In 2013, Garg co-founded Future Finance, a provider of student loans to students in the UK, with Brian Norton.

In 2014, he founded Climb Credit, targeted at US programs with relatively lower costs and higher graduate employment rates, with Zander Rafael and Amit Sinha.

Also in 2014, after a frustrating experience trying to obtain a mortgage, Garg founded Better.com, an online mortgage broker. Garg acquired Avex Funding of California to provide the new company with licenses and an operating platform to originate mortgages online. The company became a public company via a merger with a special-purpose acquisition company in 2023.

In November 2020, Garg was a defendant in litigation brought by his former business partner Raza Khan and by other parties, with allegations of fraud and misappropriation of funds at prior business ventures including MyRichUncle and CDO administrator EIFC.

In November 2020, Garg was quoted in an e-mail in which he chided employees as "a bunch of DUMB DOLPHINS". In December 2021, a video was disseminated of him abruptly firing 900 people in the United States and India through a videotelephony call. He also insulted Better.com employees on Blind. After much criticism, Garg took approximately a month off, returning in January 2022. He apologized and wrote in a letter to employees that he had "failed to show the appropriate amount of respect and appreciation for the individuals who were affected".

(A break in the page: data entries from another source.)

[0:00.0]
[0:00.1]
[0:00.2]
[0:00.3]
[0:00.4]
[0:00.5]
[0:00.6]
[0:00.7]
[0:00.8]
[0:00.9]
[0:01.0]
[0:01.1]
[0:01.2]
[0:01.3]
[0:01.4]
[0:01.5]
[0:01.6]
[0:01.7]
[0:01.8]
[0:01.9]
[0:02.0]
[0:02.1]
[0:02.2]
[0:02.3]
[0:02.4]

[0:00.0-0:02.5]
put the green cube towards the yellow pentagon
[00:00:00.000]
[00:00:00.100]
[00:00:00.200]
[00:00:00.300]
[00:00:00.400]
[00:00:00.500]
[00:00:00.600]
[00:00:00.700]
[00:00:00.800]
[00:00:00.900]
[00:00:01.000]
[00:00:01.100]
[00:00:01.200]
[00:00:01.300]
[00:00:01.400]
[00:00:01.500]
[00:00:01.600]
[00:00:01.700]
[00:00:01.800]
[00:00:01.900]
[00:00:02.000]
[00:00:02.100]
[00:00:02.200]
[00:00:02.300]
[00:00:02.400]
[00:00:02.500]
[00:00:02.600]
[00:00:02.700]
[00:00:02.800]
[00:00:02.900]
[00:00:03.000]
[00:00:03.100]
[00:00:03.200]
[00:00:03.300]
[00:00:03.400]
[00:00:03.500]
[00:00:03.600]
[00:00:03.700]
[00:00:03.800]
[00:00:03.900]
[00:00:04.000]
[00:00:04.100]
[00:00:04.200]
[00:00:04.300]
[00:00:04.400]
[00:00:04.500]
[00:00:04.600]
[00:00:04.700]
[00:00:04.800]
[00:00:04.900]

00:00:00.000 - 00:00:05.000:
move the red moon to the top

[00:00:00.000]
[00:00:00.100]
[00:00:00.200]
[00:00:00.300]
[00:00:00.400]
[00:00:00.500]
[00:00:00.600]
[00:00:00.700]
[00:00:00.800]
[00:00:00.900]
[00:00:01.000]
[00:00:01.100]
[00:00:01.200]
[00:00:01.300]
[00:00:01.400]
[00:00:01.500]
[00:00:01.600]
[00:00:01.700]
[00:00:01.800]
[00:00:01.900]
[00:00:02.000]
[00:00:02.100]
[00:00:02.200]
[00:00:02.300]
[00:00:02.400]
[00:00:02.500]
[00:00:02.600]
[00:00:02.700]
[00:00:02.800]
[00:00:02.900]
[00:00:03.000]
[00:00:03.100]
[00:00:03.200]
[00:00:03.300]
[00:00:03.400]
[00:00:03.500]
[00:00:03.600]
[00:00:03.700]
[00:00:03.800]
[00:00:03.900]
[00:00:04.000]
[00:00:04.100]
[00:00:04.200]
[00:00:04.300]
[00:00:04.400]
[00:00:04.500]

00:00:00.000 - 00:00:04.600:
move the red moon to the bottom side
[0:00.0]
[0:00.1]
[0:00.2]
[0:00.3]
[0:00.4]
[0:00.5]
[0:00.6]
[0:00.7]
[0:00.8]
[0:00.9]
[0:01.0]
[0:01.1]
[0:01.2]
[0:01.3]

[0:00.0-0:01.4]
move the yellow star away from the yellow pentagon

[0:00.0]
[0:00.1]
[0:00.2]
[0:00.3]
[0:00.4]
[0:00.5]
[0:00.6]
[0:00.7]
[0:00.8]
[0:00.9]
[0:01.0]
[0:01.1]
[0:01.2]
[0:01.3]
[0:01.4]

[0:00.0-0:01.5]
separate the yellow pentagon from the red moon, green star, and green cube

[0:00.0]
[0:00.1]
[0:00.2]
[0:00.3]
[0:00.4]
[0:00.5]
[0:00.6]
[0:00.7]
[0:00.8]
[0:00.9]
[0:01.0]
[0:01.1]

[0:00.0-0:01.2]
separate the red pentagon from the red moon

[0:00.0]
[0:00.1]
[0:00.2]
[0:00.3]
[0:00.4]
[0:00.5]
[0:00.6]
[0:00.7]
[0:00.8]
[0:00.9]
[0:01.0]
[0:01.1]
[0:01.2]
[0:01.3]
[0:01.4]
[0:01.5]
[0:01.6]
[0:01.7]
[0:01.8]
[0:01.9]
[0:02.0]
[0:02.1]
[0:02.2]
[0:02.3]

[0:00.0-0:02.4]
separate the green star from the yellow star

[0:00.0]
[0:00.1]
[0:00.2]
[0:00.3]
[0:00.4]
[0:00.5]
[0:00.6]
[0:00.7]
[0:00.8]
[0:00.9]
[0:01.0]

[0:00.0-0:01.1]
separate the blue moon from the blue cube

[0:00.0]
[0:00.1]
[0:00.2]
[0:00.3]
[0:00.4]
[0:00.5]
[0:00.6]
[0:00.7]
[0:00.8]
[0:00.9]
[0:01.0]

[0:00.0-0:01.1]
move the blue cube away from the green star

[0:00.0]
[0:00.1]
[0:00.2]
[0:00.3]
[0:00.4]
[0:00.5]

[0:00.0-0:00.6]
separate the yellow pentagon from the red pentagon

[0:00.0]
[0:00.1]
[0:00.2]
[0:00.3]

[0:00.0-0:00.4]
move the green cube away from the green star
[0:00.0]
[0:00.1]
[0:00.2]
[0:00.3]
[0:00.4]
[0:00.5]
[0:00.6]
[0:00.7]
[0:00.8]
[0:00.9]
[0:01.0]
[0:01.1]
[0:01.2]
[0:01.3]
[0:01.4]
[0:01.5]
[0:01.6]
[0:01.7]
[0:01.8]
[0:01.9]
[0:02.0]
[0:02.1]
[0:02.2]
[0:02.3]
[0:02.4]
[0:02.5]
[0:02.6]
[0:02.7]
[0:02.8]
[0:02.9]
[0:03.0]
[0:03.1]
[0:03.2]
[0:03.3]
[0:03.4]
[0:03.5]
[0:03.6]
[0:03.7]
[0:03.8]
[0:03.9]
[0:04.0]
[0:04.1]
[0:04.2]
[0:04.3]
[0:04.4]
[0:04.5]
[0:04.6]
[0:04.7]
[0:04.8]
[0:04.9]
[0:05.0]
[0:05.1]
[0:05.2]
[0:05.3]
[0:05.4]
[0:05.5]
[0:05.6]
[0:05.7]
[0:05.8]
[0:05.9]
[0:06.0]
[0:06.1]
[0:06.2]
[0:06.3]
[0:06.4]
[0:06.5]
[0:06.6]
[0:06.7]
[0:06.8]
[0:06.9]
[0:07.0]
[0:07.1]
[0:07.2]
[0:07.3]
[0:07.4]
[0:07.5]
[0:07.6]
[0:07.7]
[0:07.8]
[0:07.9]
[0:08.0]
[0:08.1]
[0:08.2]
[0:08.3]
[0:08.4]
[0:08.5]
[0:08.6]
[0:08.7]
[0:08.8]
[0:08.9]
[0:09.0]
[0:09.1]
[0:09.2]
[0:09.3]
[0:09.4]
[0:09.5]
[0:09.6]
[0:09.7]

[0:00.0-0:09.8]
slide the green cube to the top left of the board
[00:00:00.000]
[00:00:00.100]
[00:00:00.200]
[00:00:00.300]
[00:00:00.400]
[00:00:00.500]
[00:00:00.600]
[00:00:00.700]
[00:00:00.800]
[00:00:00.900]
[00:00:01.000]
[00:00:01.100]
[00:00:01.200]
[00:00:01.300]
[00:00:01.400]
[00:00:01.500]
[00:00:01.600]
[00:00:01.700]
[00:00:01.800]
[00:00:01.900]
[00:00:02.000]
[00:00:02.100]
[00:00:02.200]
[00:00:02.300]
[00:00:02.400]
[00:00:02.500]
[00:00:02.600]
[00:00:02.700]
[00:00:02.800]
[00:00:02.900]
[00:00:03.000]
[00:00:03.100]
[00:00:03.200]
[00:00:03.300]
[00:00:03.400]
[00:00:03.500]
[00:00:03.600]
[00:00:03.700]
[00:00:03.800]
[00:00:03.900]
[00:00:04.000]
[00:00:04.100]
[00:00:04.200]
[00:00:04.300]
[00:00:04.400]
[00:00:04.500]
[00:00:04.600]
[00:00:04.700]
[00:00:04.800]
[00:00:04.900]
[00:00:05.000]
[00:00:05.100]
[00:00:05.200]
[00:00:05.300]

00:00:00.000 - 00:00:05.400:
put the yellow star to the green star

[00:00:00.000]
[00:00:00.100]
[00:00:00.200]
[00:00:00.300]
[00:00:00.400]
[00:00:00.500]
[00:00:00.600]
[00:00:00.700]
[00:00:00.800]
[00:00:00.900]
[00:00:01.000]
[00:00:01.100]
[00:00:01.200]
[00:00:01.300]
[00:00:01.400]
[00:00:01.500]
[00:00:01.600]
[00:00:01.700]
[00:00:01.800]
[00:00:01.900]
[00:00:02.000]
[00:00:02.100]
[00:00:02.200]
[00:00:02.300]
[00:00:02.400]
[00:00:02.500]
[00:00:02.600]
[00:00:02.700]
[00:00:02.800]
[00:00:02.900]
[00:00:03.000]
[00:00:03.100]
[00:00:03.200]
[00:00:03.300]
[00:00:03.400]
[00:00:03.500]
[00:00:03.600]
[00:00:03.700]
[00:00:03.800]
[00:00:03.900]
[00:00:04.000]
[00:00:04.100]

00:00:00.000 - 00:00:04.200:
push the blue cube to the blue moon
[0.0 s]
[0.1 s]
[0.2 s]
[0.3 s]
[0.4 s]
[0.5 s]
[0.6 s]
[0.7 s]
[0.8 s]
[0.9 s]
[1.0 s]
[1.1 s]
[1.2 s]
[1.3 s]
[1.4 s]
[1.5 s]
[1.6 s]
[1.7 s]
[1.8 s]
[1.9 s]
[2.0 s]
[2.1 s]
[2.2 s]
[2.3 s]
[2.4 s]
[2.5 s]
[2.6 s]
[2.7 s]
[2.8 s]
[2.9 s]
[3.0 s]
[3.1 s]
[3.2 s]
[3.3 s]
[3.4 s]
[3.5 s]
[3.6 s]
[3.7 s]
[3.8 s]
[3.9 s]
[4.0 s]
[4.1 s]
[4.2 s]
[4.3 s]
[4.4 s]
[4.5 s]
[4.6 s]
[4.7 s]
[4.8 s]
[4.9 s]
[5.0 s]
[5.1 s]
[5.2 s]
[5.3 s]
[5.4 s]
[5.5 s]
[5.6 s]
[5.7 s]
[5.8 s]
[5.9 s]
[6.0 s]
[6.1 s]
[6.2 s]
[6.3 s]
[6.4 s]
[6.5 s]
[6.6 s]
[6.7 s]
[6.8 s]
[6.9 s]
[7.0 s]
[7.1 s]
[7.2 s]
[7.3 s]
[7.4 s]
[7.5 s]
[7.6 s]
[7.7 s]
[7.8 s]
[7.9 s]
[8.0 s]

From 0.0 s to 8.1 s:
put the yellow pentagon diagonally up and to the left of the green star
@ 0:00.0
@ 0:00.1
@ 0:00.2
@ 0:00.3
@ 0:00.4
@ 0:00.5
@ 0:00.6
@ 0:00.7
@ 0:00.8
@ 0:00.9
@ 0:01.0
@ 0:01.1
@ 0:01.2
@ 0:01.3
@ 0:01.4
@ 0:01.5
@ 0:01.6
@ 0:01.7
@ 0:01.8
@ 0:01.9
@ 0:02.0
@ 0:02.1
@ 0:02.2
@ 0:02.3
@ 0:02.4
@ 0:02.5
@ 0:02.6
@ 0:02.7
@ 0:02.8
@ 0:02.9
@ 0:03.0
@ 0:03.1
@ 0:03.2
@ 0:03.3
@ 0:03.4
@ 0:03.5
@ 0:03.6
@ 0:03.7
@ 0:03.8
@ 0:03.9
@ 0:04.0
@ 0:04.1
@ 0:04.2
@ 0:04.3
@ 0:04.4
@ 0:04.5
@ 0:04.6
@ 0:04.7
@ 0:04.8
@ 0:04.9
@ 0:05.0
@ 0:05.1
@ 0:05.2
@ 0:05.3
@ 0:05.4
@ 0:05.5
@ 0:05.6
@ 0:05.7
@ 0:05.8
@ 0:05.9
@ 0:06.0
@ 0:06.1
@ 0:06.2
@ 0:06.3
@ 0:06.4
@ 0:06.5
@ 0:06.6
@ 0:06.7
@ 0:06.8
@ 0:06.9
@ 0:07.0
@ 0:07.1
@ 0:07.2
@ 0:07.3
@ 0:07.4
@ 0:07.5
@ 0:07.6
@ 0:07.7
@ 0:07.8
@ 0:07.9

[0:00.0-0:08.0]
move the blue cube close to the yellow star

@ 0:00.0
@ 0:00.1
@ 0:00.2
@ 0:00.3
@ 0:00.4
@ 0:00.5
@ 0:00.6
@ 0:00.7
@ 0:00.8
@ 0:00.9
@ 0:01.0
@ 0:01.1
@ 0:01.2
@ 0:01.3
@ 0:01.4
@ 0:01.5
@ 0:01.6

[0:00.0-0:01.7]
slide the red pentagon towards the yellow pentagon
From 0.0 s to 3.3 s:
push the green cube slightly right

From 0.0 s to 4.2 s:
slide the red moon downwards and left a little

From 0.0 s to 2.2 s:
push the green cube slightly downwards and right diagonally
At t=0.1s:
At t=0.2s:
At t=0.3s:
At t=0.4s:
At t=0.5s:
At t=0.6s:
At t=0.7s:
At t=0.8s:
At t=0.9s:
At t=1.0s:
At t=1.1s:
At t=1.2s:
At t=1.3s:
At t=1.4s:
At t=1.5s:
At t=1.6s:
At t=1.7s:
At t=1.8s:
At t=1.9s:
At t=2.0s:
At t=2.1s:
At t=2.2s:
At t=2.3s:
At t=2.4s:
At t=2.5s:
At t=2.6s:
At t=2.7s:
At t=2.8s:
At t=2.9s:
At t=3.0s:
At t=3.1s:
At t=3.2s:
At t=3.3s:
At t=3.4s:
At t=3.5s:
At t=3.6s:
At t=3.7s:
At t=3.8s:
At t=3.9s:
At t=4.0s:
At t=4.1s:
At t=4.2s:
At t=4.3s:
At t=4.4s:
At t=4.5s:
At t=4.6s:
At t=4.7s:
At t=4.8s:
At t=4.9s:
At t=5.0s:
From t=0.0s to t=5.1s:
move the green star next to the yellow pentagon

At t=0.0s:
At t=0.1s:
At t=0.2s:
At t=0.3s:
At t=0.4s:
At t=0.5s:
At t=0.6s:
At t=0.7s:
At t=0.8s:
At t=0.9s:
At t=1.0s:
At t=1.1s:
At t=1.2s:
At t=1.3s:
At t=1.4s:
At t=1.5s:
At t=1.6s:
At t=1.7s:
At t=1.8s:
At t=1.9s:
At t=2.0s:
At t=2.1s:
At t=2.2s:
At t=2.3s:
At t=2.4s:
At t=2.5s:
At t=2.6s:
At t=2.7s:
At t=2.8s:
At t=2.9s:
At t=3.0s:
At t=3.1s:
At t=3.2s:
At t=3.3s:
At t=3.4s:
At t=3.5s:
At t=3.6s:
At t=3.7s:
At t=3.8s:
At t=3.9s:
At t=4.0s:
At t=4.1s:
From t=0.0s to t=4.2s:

On August 3, 2026, Garg was fired by the board of Better.com, with all board members except for Garg voting to remove him. After the firing, Better.com sued Garg, alleging that he broke the Securities Exchange Act of 1934. On August 13, 2026, Garg stated that he was attempting to regain control of the company and claimed to have support from shareholders to replace the board.

==Personal life==
Garg lives in Manhattan with his wife, Sarita James, and three children. Garg has made donations to political candidates and organizations including the Serve America PAC supporting veterans and several members of the Democratic Party, including Kamala Harris, Joe Biden, and Elizabeth Warren.